After placing the tapes in the interoffice envelope, Franchini then went on extended sick leave on June 9, 2008.
According to Argonne, neither Hendrick (Harry) Weerts, the HEP Division Director nor Darryl Howe received Franchini’s tapes. On June 13, Weerts sent a written memorandum to Franchini via Federal Express, which Franchini received, informing him that Argonne had not received the tapes, and directing him to bring all recordings to Darryl Howe “when you return to work” from sick leave.
Over the next few months, Franchini remained on sick leave. During this time, he made a number of written communications including filing a supplemental letter of complaint of safety concerns with DOE’s Argonne Site Office, to the attention of Ron Lutha, DOE’s Site Director.
On October 3, 2008, Weerts sent Franchini a written directive by Federal Express instructing Franchini to immediately return his tape recordings, video recordings and pictures. Weerts warned that failure to provide Argonne with the requested materials by October 8th “will be cause for corrective action, including release from Laboratory employment.”
Weerts’s letter was delivered via Federal Express to Franchini’s home on October 6th, but not signed for by Franchini as having been received. The FedEx tracking record indicates that the FedEx package was sent with signature receipt waived. Franchini claims he never received Weerts letter, and that the last written communication he had received from Argonne had been on June 13, 2008.
On October 10, Franchini received a letter of termination from Argonne, citing his insubordination for failing to return the recordings to Argonne.
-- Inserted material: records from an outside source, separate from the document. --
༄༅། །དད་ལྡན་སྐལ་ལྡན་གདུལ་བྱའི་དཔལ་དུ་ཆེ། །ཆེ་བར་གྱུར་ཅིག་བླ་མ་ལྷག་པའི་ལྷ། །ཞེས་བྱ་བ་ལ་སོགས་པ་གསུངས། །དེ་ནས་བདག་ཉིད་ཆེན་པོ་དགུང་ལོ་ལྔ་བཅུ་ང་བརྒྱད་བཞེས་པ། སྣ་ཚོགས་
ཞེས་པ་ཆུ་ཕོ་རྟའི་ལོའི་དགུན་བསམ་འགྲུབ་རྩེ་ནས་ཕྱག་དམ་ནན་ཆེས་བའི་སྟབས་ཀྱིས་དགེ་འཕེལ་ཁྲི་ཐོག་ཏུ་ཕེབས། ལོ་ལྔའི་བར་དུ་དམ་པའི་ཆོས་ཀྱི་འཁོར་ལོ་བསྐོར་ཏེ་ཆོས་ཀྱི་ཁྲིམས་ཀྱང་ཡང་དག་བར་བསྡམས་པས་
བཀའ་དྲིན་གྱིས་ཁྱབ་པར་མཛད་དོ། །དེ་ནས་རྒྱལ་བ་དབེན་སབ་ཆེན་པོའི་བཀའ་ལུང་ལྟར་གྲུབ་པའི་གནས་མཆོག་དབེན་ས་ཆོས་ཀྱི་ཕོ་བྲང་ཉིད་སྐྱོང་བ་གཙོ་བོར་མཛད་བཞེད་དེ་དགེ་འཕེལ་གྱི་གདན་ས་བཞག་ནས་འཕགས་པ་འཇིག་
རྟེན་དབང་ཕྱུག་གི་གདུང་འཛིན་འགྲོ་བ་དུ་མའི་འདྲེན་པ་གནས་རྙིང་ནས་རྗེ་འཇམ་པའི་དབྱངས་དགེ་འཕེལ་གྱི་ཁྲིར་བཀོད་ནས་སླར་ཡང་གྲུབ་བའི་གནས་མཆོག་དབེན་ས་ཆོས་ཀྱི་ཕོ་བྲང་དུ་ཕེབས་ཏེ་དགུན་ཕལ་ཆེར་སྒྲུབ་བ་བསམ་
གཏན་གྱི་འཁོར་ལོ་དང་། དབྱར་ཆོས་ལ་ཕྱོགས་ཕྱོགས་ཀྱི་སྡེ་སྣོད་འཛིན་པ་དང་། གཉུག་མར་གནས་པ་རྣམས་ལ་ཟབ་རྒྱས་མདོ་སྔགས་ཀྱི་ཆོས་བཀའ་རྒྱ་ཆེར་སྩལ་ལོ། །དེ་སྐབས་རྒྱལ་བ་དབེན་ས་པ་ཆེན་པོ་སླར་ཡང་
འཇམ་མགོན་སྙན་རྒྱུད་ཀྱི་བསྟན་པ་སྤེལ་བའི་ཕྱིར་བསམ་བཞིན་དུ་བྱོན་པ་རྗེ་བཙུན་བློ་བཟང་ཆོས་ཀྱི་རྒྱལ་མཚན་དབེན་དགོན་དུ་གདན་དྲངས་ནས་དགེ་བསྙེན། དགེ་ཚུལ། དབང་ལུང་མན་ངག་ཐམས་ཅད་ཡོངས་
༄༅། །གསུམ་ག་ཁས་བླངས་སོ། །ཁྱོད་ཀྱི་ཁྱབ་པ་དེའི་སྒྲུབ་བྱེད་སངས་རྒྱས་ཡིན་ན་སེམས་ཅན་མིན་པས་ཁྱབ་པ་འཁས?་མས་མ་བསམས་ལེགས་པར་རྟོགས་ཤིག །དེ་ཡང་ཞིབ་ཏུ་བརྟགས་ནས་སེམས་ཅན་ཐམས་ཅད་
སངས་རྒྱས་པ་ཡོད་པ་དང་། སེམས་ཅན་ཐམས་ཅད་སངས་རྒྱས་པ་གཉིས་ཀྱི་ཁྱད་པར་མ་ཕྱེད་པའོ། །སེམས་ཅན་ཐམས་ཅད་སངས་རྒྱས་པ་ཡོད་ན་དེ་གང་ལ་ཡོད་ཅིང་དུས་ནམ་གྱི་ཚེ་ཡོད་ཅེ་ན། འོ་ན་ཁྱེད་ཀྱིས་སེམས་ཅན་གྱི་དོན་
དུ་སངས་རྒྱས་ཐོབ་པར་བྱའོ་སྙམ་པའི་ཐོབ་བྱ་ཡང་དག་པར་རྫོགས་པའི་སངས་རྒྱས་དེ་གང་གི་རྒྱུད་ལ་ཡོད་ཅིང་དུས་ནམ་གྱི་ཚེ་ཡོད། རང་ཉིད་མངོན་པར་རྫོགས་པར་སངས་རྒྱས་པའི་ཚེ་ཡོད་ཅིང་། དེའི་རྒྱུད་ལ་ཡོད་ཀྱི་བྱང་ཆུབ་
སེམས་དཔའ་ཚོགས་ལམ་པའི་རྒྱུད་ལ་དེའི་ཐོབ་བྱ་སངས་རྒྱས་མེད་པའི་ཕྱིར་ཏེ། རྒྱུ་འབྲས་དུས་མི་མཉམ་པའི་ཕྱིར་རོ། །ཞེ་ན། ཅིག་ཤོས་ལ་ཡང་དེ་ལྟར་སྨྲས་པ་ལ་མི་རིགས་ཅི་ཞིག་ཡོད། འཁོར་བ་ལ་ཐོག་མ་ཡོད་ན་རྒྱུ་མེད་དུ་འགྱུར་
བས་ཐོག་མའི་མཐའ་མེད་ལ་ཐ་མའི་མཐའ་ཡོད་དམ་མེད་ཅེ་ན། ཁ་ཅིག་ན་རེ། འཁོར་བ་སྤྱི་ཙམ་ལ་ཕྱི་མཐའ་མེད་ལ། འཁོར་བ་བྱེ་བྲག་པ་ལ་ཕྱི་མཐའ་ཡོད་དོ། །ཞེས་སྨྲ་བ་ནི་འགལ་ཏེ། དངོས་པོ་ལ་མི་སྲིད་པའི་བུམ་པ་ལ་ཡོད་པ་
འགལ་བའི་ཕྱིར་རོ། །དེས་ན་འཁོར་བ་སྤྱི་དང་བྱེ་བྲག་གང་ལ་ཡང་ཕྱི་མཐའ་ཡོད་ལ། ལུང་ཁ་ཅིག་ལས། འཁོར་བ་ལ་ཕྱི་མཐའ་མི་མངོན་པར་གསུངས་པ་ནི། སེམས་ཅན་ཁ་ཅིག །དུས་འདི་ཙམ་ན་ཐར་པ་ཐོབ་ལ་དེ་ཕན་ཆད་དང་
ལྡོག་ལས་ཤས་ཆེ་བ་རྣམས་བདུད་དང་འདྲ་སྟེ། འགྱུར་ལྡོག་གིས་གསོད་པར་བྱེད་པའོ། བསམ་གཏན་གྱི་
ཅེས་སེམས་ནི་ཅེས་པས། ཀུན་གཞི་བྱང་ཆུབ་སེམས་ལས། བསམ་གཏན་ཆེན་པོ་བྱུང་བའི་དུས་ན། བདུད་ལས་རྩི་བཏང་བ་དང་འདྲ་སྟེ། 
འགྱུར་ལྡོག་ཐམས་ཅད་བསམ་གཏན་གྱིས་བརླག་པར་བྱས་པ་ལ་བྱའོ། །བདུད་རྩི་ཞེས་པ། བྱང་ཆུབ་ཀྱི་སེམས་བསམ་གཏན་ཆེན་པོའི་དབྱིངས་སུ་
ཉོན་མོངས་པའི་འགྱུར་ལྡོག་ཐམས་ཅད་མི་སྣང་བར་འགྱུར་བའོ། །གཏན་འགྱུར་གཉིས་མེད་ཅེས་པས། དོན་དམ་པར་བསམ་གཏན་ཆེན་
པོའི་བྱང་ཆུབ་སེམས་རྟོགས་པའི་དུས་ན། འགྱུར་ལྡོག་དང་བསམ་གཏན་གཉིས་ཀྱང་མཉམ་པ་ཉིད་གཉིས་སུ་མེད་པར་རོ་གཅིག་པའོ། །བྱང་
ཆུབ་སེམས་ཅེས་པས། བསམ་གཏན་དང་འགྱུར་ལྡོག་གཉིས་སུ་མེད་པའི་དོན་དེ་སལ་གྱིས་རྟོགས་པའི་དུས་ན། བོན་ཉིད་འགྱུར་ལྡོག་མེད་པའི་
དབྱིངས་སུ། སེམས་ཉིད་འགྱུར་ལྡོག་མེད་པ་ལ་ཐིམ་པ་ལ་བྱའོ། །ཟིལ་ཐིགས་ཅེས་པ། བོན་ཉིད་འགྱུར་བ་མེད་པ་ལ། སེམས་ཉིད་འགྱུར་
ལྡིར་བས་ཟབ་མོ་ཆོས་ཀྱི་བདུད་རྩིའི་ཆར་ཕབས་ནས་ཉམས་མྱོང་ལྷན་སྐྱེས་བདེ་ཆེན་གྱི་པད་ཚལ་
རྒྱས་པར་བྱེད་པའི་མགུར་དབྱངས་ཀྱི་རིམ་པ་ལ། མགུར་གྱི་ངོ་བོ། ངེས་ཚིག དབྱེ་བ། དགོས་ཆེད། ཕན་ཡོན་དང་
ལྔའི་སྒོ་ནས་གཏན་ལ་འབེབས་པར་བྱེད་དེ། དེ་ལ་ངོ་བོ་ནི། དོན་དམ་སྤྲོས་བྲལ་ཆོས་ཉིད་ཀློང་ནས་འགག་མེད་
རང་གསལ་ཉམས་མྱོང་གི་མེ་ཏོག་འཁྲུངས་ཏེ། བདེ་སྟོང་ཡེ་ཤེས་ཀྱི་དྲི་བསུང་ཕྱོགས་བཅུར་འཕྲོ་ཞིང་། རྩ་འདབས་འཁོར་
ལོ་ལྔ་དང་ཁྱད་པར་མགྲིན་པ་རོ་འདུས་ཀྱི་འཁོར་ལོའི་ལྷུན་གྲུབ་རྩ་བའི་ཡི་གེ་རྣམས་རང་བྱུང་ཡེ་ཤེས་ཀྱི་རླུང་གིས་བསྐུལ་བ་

Workplace recordings are “Protected Activity” when related to the whistleblower’s reported concerns
The ARB held that that “even if Franchini’s refusal to turn over his tapes was a true reason, this conclusion does not rule out protected activity as a contributing factor in the termination of his employment.” The ARB also held that Franchini engaged in protected activity when creating his record of photographs and recordings, because the recordings involved the workplace safety concerns he had reported and the record was made in anticipation of Franchini having to report his safety concerns outside of his employer.
The ARB further noted that – far from being insubordinate for not returning the requested recordings – the evidence indicates that, based on the last communication he received from Argonne on the subject, Franchini was being scrupulous in avoiding any action that would constitute grounds for again charging him with insubordination.
The ARB also held that, even if an employee agrees to perform an action under the threat of termination—in this case, the turning over the tapes— and later fails to do so, an employer does not automatically have the right to terminate the employee on the basis of the employee’s inaction.
Our take: Recordings and photographs can be powerful evidence to support a whistleblower report of a substantive violation or employer retaliation subsequent to an employee reporting violations. The ARB’s determination that covert recordings are protected activity under the ERA’s whistleblower retaliation provision is good news for government whistleblowers.